The acting is reminiscent of the original Star Wars; it has a pulp-matinee-serial feel that is serviced by the occasional scenery-chewing performances, but that’s par for the course for a film like this. That said though, Chris Pratt was excellent as Quill. He gives us a charming and likable rogue who’s in a little bit over his head, yet rises to the occasion. Dave Bautista as the overly-literal Drax is hilarious with his deadpan delivery, and even Vin Diesel puts an amazing amount of nuance into the delivery of his lines, even though he has to keep saying the same thing over and over: “I am Groot!” Bradley Cooper is a good choice as Rocket, though his delivery feels a little over-the-top at times. There is one poignant moment where Rocket lets out his anguish and pain, and we really feel sorry for the little guy; Cooper really shines in that scene. Zoe Saldana’s Gamora felt a little too much like her previous characters: an angry space lady. Lee Pace was rather one-dimensional as Ronan, but Karen Gillan was pretty awesome as Nebula (we wish we saw more of her!).
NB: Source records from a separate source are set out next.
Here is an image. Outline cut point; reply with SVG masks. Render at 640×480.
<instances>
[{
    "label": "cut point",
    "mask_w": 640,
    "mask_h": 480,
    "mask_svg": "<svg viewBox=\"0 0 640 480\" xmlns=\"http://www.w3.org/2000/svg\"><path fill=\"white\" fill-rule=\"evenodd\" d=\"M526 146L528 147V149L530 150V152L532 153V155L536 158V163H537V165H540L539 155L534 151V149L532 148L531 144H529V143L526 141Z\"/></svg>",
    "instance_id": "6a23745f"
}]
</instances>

The world-building required for this movie is immense, and there’s a lot to take in: the alien worlds, the various alien races, the Nova Corp., Xandar, the Ravagers, Thanos and company, and the little easter eggs and cameos from the larger Marvel universe. James Gunn manages to present it all without overwhelming the audience, which is quite a task. I’m glad this movie got made when it did, for if the Marvel Cinematic Universe is to move forward with characters like Captain Marvel, the groundwork has been laid by this film.
The production quality of this movie is top-notch. The sets, the colors, and the ships all have a distinct style to them. Star-Lord’s spaceship, the Milano, is a gorgeous bird-like craft, the the Nova Corp.’s fighters look like little stars, and Ronan’s ship is large and imposing. The visual effects team did a great job making the ships look and feel like real objects, and we don’t feel like we’re watching a video game. The music is a majestic orchestral score punctuated with Quill’s favorite pop songs from his mixtape (which featured so heavily in the trailers), and the result is a unique and very memorable soundtrack.
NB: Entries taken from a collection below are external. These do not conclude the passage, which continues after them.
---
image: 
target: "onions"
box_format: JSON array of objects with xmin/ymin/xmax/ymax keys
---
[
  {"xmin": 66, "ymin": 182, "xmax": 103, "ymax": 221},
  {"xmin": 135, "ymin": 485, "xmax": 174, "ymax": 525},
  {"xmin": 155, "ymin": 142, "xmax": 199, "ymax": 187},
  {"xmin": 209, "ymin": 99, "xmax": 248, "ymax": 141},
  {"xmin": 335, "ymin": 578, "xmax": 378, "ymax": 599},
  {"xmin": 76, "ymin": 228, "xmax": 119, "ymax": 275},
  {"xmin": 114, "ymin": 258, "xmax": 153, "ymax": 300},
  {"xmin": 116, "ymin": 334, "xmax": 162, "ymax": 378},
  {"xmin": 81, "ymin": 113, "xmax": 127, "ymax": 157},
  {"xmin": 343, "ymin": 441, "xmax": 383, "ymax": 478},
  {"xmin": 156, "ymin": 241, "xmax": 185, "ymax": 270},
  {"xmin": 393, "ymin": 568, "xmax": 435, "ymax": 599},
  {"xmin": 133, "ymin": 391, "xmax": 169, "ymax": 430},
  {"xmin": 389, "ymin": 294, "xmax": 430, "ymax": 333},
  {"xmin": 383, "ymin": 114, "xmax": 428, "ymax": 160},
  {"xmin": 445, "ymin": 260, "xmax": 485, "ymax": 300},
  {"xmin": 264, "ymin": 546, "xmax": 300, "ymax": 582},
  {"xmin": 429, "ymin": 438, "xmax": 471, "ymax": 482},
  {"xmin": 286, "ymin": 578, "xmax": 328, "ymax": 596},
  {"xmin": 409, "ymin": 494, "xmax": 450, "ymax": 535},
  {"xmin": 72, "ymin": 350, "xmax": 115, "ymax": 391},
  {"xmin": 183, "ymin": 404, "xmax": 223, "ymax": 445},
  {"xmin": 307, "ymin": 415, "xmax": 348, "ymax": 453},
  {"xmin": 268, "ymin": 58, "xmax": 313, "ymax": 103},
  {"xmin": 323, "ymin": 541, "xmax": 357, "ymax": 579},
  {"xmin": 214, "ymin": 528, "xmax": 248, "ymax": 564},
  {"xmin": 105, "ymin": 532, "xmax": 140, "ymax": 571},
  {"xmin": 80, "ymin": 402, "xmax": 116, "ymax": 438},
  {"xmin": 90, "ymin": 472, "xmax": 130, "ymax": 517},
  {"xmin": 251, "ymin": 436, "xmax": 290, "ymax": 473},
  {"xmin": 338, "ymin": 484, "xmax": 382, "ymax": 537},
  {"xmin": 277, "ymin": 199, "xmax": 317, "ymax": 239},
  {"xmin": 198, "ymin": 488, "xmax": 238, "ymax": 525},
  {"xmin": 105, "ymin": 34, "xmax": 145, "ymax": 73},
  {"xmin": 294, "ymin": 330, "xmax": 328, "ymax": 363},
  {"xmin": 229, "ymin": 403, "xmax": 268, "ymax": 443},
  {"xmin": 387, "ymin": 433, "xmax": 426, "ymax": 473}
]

James Gunn has said there’s a healthy dose of humor in this film, and he delivers as advertised. There are loads of funny moments, mainly from Quill’s somewhat-dated pop-culture references. The other characters don’t get them at all, and Star-Lord himself often gets some details wrong (understandably so, since he left Earth as a child). There are also sad moments and touching moments, and throughout the course of the movie, we find we know the characters a bit more. We aren’t shown or told everyone’s entire backstory though, so there’s plenty of material for the sequel (which has already been green-lit by Marvel).
If this film has any downside-factors, it would be that the villain is pretty one-dimensional, or the fact that, although a movie like this takes great liberties with the laws of physics, there are repeated instances of the characters just flying off into the void of space without sustaining any real injury stand out as improbable, even in a fantastic context. One other nitpick I have is the Xandarians: they look entirely human, but we know they’re really just human-shaped aliens. This is probably just for practicality’s sake; the makeup department have their hands full with many of the main characters already, so I can let that one slide.
Overall, this movie is a great, fun romp through space that have been largely missing from the big screen since the sci-fi movies of the ’70s and ’80s. I’m already looking forward to the sequel, and perhaps even a crossover with The Avengers down the road. I give this movie four and a half stars out of five.
Guardians of the Galaxy opens in U.S. theaters on August 1, 2014.